Crossovers are essentially filters that separate or block frequencies and route them to the correct speaker. There are two common types of crossover,”passive” and “active”.


Passive Crossovers

Passive crossovers are non-powered and are most commonly used with component systems in-line with the speaker wires located between the amplifier or head/source unit and speakers. They are also used in fullrange speakers. Both two and three way speakers have passive crossovers to separate or block the frequencies for the mid and/or tweeters to ensure the appropriate frequencies are delivered to the respective driver.
 
Active Crossovers


Active crossovers are electronically powered units that are placed in-line with the RCA signal lead between the head unit/source and the amplifier.
They will provide better signal separation and unlike passive crossover there is no power loss.


Crossover Filters


There are three main types of crossover filters.
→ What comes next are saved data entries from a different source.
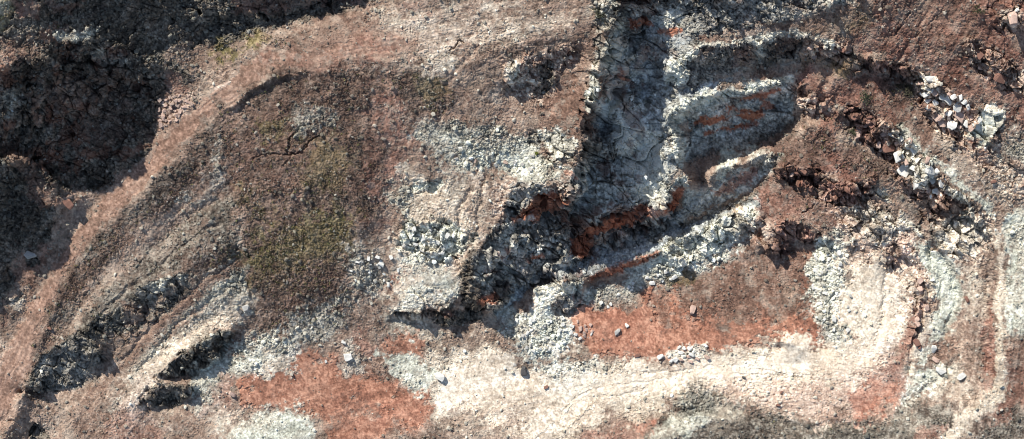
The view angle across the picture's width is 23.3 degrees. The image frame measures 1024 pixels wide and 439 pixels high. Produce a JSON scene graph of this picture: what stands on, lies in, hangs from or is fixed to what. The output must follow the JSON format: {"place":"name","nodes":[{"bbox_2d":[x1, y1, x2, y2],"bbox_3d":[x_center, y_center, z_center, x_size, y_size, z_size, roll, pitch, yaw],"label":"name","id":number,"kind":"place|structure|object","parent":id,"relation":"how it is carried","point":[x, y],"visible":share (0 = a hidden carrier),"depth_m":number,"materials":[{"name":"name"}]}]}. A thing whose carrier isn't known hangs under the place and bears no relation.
{"place":"outdoors","nodes":[
{"label":"outdoors","id":0,"kind":"place"},
{"bbox_2d":[0,0,377,310],"bbox_3d":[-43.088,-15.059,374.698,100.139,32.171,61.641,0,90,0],"label":"hill","id":1,"kind":"structure","parent":0,"point":[35,11],"depth_m":377.26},
{"bbox_2d":[24,251,36,258],"bbox_3d":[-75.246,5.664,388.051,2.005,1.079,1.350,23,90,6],"label":"boulder","id":2,"kind":"object","parent":1,"relation":"on","point":[28,254],"visible":1,"depth_m":387.64,"materials":[{"name":"stone"}]},
{"bbox_2d":[62,199,73,209],"bbox_3d":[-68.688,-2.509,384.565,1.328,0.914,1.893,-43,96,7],"label":"boulder","id":3,"kind":"object","parent":1,"relation":"on","point":[68,204],"visible":1,"depth_m":384.18,"materials":[{"name":"stone"}]},
{"bbox_2d":[0,26,460,421],"bbox_3d":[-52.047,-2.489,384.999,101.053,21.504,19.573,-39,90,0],"label":"haul road","id":4,"kind":"structure","parent":0,"point":[114,202],"depth_m":382.44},
{"bbox_2d":[0,0,1023,438],"bbox_3d":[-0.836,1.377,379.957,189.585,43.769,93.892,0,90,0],"label":"hillside","id":5,"kind":"structure","parent":0,"point":[332,388],"depth_m":389.60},
{"bbox_2d":[21,334,103,393],"bbox_3d":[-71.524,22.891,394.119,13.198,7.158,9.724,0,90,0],"label":"rock outcrop","id":6,"kind":"object","parent":5,"relation":"on","point":[80,368],"visible":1,"depth_m":394.06,"materials":[{"name":"grey stone"}]},
{"bbox_2d":[81,303,144,336],"bbox_3d":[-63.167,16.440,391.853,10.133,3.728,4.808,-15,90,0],"label":"rock outcrop","id":7,"kind":"object","parent":5,"relation":"on","point":[132,320],"visible":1,"depth_m":391.81,"materials":[{"name":"grey stone"}]},
{"bbox_2d":[131,274,187,312],"bbox_3d":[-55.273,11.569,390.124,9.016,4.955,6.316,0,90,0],"label":"rock outcrop","id":8,"kind":"object","parent":5,"relation":"on","point":[156,295],"visible":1,"depth_m":390.01,"materials":[{"name":"grey stone"}]},
{"bbox_2d":[136,381,195,410],"bbox_3d":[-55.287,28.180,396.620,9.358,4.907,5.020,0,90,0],"label":"rock outcrop","id":9,"kind":"object","parent":5,"relation":"on","point":[152,400],"visible":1,"depth_m":396.77,"materials":[{"name":"black stone"}]},
{"bbox_2d":[159,328,234,377],"bbox_3d":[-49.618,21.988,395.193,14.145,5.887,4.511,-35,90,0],"label":"rock outcrop","id":10,"kind":"object","parent":5,"relation":"on","point":[183,360],"visible":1,"depth_m":394.99,"materials":[{"name":"black stone"}]},
{"bbox_2d":[228,391,235,396],"bbox_3d":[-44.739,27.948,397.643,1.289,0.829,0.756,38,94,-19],"label":"boulder","id":11,"kind":"object","parent":5,"relation":"on","point":[232,394],"visible":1,"depth_m":397.29,"materials":[{"name":"stone"}]},
{"bbox_2d":[242,305,249,310],"bbox_3d":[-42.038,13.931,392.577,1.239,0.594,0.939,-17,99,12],"label":"boulder","id":12,"kind":"object","parent":5,"relation":"on","point":[245,307],"visible":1,"depth_m":392.34,"materials":[{"name":"stone"}]},
{"bbox_2d":[0,0,513,438],"bbox_3d":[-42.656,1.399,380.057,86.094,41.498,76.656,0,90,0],"label":"rubble","id":13,"kind":"object","parent":5,"relation":"on","point":[406,187],"visible":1,"depth_m":385.29,"materials":[{"name":"stone"}]},
{"bbox_2d":[343,353,352,361],"bbox_3d":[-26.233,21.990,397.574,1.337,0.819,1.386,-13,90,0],"label":"boulder","id":14,"kind":"object","parent":5,"relation":"on","point":[347,357],"visible":1,"depth_m":397.24,"materials":[{"name":"stone"}]},
{"bbox_2d":[378,260,383,267],"bbox_3d":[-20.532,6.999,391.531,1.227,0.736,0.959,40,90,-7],"label":"boulder","id":15,"kind":"object","parent":5,"relation":"on","point":[381,263],"visible":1,"depth_m":391.21,"materials":[{"name":"stone"}]},
{"bbox_2d":[410,177,447,195],"bbox_3d":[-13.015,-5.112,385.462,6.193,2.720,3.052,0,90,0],"label":"rock outcrop","id":16,"kind":"object","parent":5,"relation":"on","point":[423,189],"visible":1,"depth_m":385.52,"materials":[{"name":"grey stone"}]},
{"bbox_2d":[395,217,474,263],"bbox_3d":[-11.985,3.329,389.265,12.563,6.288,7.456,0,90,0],"label":"rock outcrop","id":17,"kind":"object","parent":5,"relation":"on","point":[433,251],"visible":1,"depth_m":388.81,"materials":[{"name":"grey stone"}]},
{"bbox_2d":[390,256,493,328],"bbox_3d":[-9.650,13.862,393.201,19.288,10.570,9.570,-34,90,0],"label":"rock outcrop","id":18,"kind":"object","parent":5,"relation":"on","point":[482,298],"visible":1,"depth_m":394.23,"materials":[{"name":"grey stone"}]},
{"bbox_2d":[0,5,1020,438],"bbox_3d":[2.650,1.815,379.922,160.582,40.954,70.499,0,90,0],"label":"scrub","id":19,"kind":"object","parent":5,"relation":"on","point":[338,207],"visible":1,"depth_m":386.72,"materials":[{"name":"plant"}]},
{"bbox_2d":[503,44,578,102],"bbox_3d":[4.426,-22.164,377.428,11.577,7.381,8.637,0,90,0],"label":"rock outcrop","id":20,"kind":"object","parent":5,"relation":"on","point":[544,70],"visible":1,"depth_m":377.49,"materials":[{"name":"grey stone"}]},
{"bbox_2d":[529,280,589,317],"bbox_3d":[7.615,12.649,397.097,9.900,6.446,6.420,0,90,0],"label":"rock outcrop","id":21,"kind":"object","parent":5,"relation":"on","point":[568,307],"visible":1,"depth_m":397.18,"materials":[{"name":"grey stone"}]},
{"bbox_2d":[592,7,606,21],"bbox_3d":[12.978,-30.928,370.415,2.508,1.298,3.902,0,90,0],"label":"shrub","id":22,"kind":"object","parent":5,"relation":"on","point":[599,14],"visible":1,"depth_m":370.28,"materials":[{"name":"green plant"}]},
{"bbox_2d":[657,206,763,267],"bbox_3d":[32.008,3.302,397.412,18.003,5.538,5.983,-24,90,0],"label":"rock outcrop","id":23,"kind":"object","parent":5,"relation":"on","point":[682,244],"visible":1,"depth_m":397.30,"materials":[{"name":"grey stone"}]},
{"bbox_2d":[511,0,1023,438],"bbox_3d":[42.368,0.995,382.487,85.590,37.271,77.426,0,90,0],"label":"rubble","id":24,"kind":"object","parent":5,"relation":"on","point":[639,137],"visible":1,"depth_m":392.99,"materials":[{"name":"stone"}]},
{"bbox_2d":[765,220,828,255],"bbox_3d":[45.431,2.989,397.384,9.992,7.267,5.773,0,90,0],"label":"rock ledge","id":25,"kind":"object","parent":5,"relation":"on","point":[786,235],"visible":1,"depth_m":396.89,"materials":[{"name":"brown stone"}]},
{"bbox_2d":[772,165,823,188],"bbox_3d":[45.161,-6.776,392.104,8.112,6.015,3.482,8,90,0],"label":"rock ledge","id":26,"kind":"object","parent":5,"relation":"on","point":[800,180],"visible":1,"depth_m":391.96,"materials":[{"name":"brown stone"}]},
{"bbox_2d":[823,177,875,210],"bbox_3d":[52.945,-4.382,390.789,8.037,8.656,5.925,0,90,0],"label":"rock ledge","id":27,"kind":"object","parent":5,"relation":"on","point":[849,200],"visible":1,"depth_m":391.34,"materials":[{"name":"brown stone"}]},
{"bbox_2d":[859,90,873,104],"bbox_3d":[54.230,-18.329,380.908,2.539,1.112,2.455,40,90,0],"label":"shrub","id":28,"kind":"object","parent":5,"relation":"on","point":[867,96],"visible":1,"depth_m":380.80,"materials":[{"name":"green plant"}]},
{"bbox_2d":[882,233,917,272],"bbox_3d":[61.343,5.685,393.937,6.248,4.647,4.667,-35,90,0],"label":"rock outcrop","id":29,"kind":"object","parent":5,"relation":"on","point":[902,257],"visible":1,"depth_m":393.41,"materials":[{"name":"brown stone"}]},
{"bbox_2d":[843,105,984,223],"bbox_3d":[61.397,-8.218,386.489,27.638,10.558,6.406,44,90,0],"label":"rock ledge","id":30,"kind":"object","parent":5,"relation":"on","point":[938,206],"visible":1,"depth_m":385.71,"materials":[{"name":"grey stone"}]},
{"bbox_2d":[848,128,858,136],"bbox_3d":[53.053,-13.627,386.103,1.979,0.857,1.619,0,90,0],"label":"shrub","id":31,"kind":"object","parent":30,"relation":"on","point":[852,131],"visible":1,"depth_m":386.00,"materials":[{"name":"green plant"}]},
{"bbox_2d":[854,128,861,139],"bbox_3d":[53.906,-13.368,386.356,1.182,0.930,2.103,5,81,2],"label":"boulder","id":32,"kind":"object","parent":30,"relation":"on","point":[858,133],"visible":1,"depth_m":385.99,"materials":[{"name":"stone"}]},
{"bbox_2d":[883,144,894,152],"bbox_3d":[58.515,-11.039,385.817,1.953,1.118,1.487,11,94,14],"label":"boulder","id":33,"kind":"object","parent":30,"relation":"on","point":[888,149],"visible":1,"depth_m":385.51,"materials":[{"name":"stone"}]},
{"bbox_2d":[893,150,903,162],"bbox_3d":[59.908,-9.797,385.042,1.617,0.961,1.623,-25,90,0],"label":"boulder","id":34,"kind":"object","parent":30,"relation":"on","point":[897,158],"visible":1,"depth_m":384.65,"materials":[{"name":"stone"}]},
{"bbox_2d":[897,165,909,177],"bbox_3d":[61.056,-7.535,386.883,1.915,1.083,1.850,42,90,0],"label":"boulder","id":35,"kind":"object","parent":30,"relation":"on","point":[903,170],"visible":1,"depth_m":386.38,"materials":[{"name":"stone"}]},
{"bbox_2d":[914,177,919,189],"bbox_3d":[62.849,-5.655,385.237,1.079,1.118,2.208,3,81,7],"label":"boulder","id":36,"kind":"object","parent":30,"relation":"on","point":[916,186],"visible":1,"depth_m":384.83,"materials":[{"name":"stone"}]},
{"bbox_2d":[925,156,929,163],"bbox_3d":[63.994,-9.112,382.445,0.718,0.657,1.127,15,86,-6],"label":"boulder","id":37,"kind":"object","parent":30,"relation":"on","point":[927,159],"visible":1,"depth_m":382.16,"materials":[{"name":"stone"}]},
{"bbox_2d":[924,167,934,174],"bbox_3d":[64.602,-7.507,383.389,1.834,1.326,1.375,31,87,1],"label":"boulder","id":38,"kind":"object","parent":30,"relation":"on","point":[926,171],"visible":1,"depth_m":383.08,"materials":[{"name":"stone"}]},
{"bbox_2d":[932,188,938,193],"bbox_3d":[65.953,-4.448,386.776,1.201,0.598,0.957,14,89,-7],"label":"boulder","id":39,"kind":"object","parent":30,"relation":"on","point":[935,191],"visible":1,"depth_m":386.54,"materials":[{"name":"stone"}]},
{"bbox_2d":[939,177,945,187],"bbox_3d":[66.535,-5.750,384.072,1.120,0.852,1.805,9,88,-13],"label":"boulder","id":40,"kind":"object","parent":30,"relation":"on","point":[941,184],"visible":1,"depth_m":383.92,"materials":[{"name":"stone"}]},
{"bbox_2d":[913,339,920,346],"bbox_3d":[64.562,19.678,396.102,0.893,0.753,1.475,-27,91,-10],"label":"boulder","id":41,"kind":"object","parent":5,"relation":"on","point":[916,342],"visible":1,"depth_m":395.81,"materials":[{"name":"stone"}]},
{"bbox_2d":[858,55,977,146],"bbox_3d":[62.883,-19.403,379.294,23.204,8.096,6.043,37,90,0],"label":"rock ledge","id":42,"kind":"object","parent":5,"relation":"on","point":[969,138],"visible":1,"depth_m":379.86,"materials":[{"name":"grey stone"}]},
{"bbox_2d":[892,82,913,96],"bbox_3d":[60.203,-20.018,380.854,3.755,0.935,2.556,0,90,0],"label":"shrub","id":43,"kind":"object","parent":42,"relation":"on","point":[906,91],"visible":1,"depth_m":380.71,"materials":[{"name":"green plant"}]},
{"bbox_2d":[924,76,933,82],"bbox_3d":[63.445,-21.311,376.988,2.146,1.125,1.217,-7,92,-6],"label":"boulder","id":44,"kind":"object","parent":42,"relation":"on","point":[929,79],"visible":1,"depth_m":376.50,"materials":[{"name":"stone"}]},
{"bbox_2d":[931,89,937,95],"bbox_3d":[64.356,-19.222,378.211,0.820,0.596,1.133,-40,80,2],"label":"boulder","id":45,"kind":"object","parent":42,"relation":"on","point":[934,93],"visible":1,"depth_m":377.97,"materials":[{"name":"stone"}]},
{"bbox_2d":[932,99,938,105],"bbox_3d":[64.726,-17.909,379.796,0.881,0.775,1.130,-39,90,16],"label":"boulder","id":46,"kind":"object","parent":42,"relation":"on","point":[935,102],"visible":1,"depth_m":379.56,"materials":[{"name":"stone"}]},
{"bbox_2d":[931,113,941,121],"bbox_3d":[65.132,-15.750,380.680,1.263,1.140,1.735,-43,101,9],"label":"boulder","id":47,"kind":"object","parent":42,"relation":"on","point":[938,117],"visible":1,"depth_m":380.34,"materials":[{"name":"stone"}]},
{"bbox_2d":[939,93,944,100],"bbox_3d":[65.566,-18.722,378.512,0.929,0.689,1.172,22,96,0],"label":"boulder","id":48,"kind":"object","parent":42,"relation":"on","point":[941,97],"visible":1,"depth_m":378.29,"materials":[{"name":"stone"}]},
{"bbox_2d":[938,119,946,126],"bbox_3d":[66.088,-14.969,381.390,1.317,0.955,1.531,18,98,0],"label":"boulder","id":49,"kind":"object","parent":42,"relation":"on","point":[941,123],"visible":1,"depth_m":381.01,"materials":[{"name":"stone"}]},
{"bbox_2d":[944,96,951,105],"bbox_3d":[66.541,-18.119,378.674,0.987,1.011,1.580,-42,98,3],"label":"boulder","id":50,"kind":"object","parent":42,"relation":"on","point":[947,100],"visible":1,"depth_m":378.22,"materials":[{"name":"stone"}]},
{"bbox_2d":[945,110,952,116],"bbox_3d":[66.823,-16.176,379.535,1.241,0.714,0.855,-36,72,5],"label":"boulder","id":51,"kind":"object","parent":42,"relation":"on","point":[949,113],"visible":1,"depth_m":379.27,"materials":[{"name":"stone"}]},
{"bbox_2d":[947,120,956,129],"bbox_3d":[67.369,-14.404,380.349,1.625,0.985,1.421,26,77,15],"label":"boulder","id":52,"kind":"object","parent":42,"relation":"on","point":[951,125],"visible":1,"depth_m":379.95,"materials":[{"name":"stone"}]},
{"bbox_2d":[950,94,956,99],"bbox_3d":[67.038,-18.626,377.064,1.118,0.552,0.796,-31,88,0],"label":"boulder","id":53,"kind":"object","parent":42,"relation":"on","point":[953,96],"visible":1,"depth_m":376.82,"materials":[{"name":"stone"}]},
{"bbox_2d":[953,101,962,112],"bbox_3d":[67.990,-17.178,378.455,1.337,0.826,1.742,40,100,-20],"label":"boulder","id":54,"kind":"object","parent":42,"relation":"on","point":[956,108],"visible":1,"depth_m":378.25,"materials":[{"name":"stone"}]},
{"bbox_2d":[954,112,964,123],"bbox_3d":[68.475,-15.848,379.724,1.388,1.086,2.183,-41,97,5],"label":"boulder","id":55,"kind":"object","parent":42,"relation":"on","point":[960,116],"visible":1,"depth_m":379.33,"materials":[{"name":"stone"}]},
{"bbox_2d":[963,120,967,127],"bbox_3d":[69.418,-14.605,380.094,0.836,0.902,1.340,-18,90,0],"label":"boulder","id":56,"kind":"object","parent":42,"relation":"on","point":[965,123],"visible":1,"depth_m":379.70,"materials":[{"name":"stone"}]},
{"bbox_2d":[972,121,980,130],"bbox_3d":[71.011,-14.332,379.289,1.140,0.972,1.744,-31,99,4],"label":"boulder","id":57,"kind":"object","parent":42,"relation":"on","point":[978,128],"visible":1,"depth_m":379.08,"materials":[{"name":"stone"}]},
{"bbox_2d":[917,277,923,283],"bbox_3d":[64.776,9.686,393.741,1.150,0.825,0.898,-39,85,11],"label":"boulder","id":58,"kind":"object","parent":5,"relation":"on","point":[920,280],"visible":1,"depth_m":393.43,"materials":[{"name":"stone"}]},
{"bbox_2d":[931,345,936,352],"bbox_3d":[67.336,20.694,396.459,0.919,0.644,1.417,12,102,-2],"label":"boulder","id":59,"kind":"object","parent":5,"relation":"on","point":[933,348],"visible":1,"depth_m":396.23,"materials":[{"name":"stone"}]},
{"bbox_2d":[931,356,939,363],"bbox_3d":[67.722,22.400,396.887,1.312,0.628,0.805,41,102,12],"label":"boulder","id":60,"kind":"object","parent":5,"relation":"on","point":[935,359],"visible":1,"depth_m":396.65,"materials":[{"name":"stone"}]},
{"bbox_2d":[936,367,945,374],"bbox_3d":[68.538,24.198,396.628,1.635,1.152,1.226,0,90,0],"label":"boulder","id":61,"kind":"object","parent":5,"relation":"on","point":[940,370],"visible":1,"depth_m":396.20,"materials":[{"name":"stone"}]},
{"bbox_2d":[957,372,965,379],"bbox_3d":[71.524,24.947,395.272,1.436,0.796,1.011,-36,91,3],"label":"boulder","id":62,"kind":"object","parent":5,"relation":"on","point":[961,376],"visible":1,"depth_m":394.92,"materials":[{"name":"stone"}]},
{"bbox_2d":[973,4,984,13],"bbox_3d":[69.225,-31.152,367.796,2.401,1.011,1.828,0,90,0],"label":"shrub","id":63,"kind":"object","parent":5,"relation":"on","point":[979,10],"visible":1,"depth_m":367.66,"materials":[{"name":"plant"}]},
{"bbox_2d":[975,110,1004,146],"bbox_3d":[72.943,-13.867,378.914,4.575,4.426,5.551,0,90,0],"label":"rock outcrop","id":64,"kind":"object","parent":5,"relation":"on","point":[989,124],"visible":1,"depth_m":378.74,"materials":[{"name":"grey stone"}]},
{"bbox_2d":[961,37,1023,99],"bbox_3d":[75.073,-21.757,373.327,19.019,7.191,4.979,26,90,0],"label":"rock ledge","id":65,"kind":"object","parent":5,"relation":"on","point":[997,60],"visible":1,"depth_m":373.22,"materials":[{"name":"stone"}]},
{"bbox_2d":[973,50,983,59],"bbox_3d":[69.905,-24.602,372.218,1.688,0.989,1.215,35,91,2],"label":"boulder","id":66,"kind":"object","parent":65,"relation":"on","point":[979,54],"visible":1,"depth_m":371.82,"materials":[{"name":"stone"}]},
{"bbox_2d":[993,73,1005,83],"bbox_3d":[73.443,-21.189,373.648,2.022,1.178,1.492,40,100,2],"label":"boulder","id":67,"kind":"object","parent":65,"relation":"on","point":[1000,77],"visible":1,"depth_m":373.28,"materials":[{"name":"stone"}]},
{"bbox_2d":[1007,11,1017,24],"bbox_3d":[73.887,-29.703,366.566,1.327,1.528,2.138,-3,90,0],"label":"boulder","id":68,"kind":"object","parent":5,"relation":"on","point":[1013,19],"visible":1,"depth_m":365.88,"materials":[{"name":"stone"}]},
{"bbox_2d":[409,338,897,438],"bbox_3d":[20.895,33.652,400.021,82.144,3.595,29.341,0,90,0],"label":"track","id":69,"kind":"structure","parent":0,"point":[545,412],"depth_m":400.15,"materials":[{"name":"beige soil"}]},
{"bbox_2d":[435,372,444,381],"bbox_3d":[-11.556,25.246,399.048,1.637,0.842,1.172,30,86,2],"label":"boulder","id":70,"kind":"object","parent":69,"relation":"on","point":[439,376],"visible":1,"depth_m":398.68,"materials":[{"name":"stone"}]},
{"bbox_2d":[521,366,526,375],"bbox_3d":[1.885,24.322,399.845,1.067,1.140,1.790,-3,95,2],"label":"boulder","id":71,"kind":"object","parent":69,"relation":"on","point":[523,371],"visible":1,"depth_m":399.52,"materials":[{"name":"stone"}]},
{"bbox_2d":[476,0,851,315],"bbox_3d":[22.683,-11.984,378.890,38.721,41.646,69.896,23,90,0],"label":"pit wall","id":72,"kind":"structure","parent":0,"point":[578,198],"depth_m":388.61,"materials":[{"name":"grey stone"}]},
{"bbox_2d":[659,148,778,225],"bbox_3d":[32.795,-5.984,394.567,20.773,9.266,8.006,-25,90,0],"label":"bench","id":73,"kind":"object","parent":72,"relation":"on","point":[693,186],"visible":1,"depth_m":395.12,"materials":[{"name":"grey stone"}]},
{"bbox_2d":[668,60,837,160],"bbox_3d":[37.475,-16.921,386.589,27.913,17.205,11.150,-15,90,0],"label":"bench","id":74,"kind":"object","parent":72,"relation":"on","point":[723,118],"visible":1,"depth_m":388.11,"materials":[{"name":"grey stone"}]},
{"bbox_2d":[665,1,856,88],"bbox_3d":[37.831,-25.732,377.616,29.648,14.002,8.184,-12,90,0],"label":"bench","id":75,"kind":"object","parent":72,"relation":"on","point":[758,51],"visible":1,"depth_m":377.61,"materials":[{"name":"grey stone"}]},
{"bbox_2d":[580,247,825,363],"bbox_3d":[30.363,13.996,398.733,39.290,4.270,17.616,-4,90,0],"label":"quarry floor","id":76,"kind":"structure","parent":0,"point":[663,330],"depth_m":400.06,"materials":[{"name":"red soil"}]},
{"bbox_2d":[690,305,695,314],"bbox_3d":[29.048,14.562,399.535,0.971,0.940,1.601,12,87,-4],"label":"boulder","id":77,"kind":"object","parent":76,"relation":"on","point":[692,309],"visible":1,"depth_m":399.26,"materials":[{"name":"stone"}]}
]}

High-pass filter, low-pass filter, and a subsonic-filter.
 
High-Pass Crossover


A high pass crossover allows high frequency signals in the 5kHz-20kHz range (generally) to be passed to the speaker/tweeter and the lower frequency signal is blocked.
 
Low-Pass Crossover


A low-pass crossover allows the low frequency signal in the 50Hz-250Hz range (generally) to be passed to the speaker/sub and the higher frequencies are blocked.
 
Subsonic Filter


A subsonic filter is essentially a high-pass crossover which blocks the frequency signal generally from 10Hz-40Hz this signal often contains no music and its removal will improve woofer control and sound quality.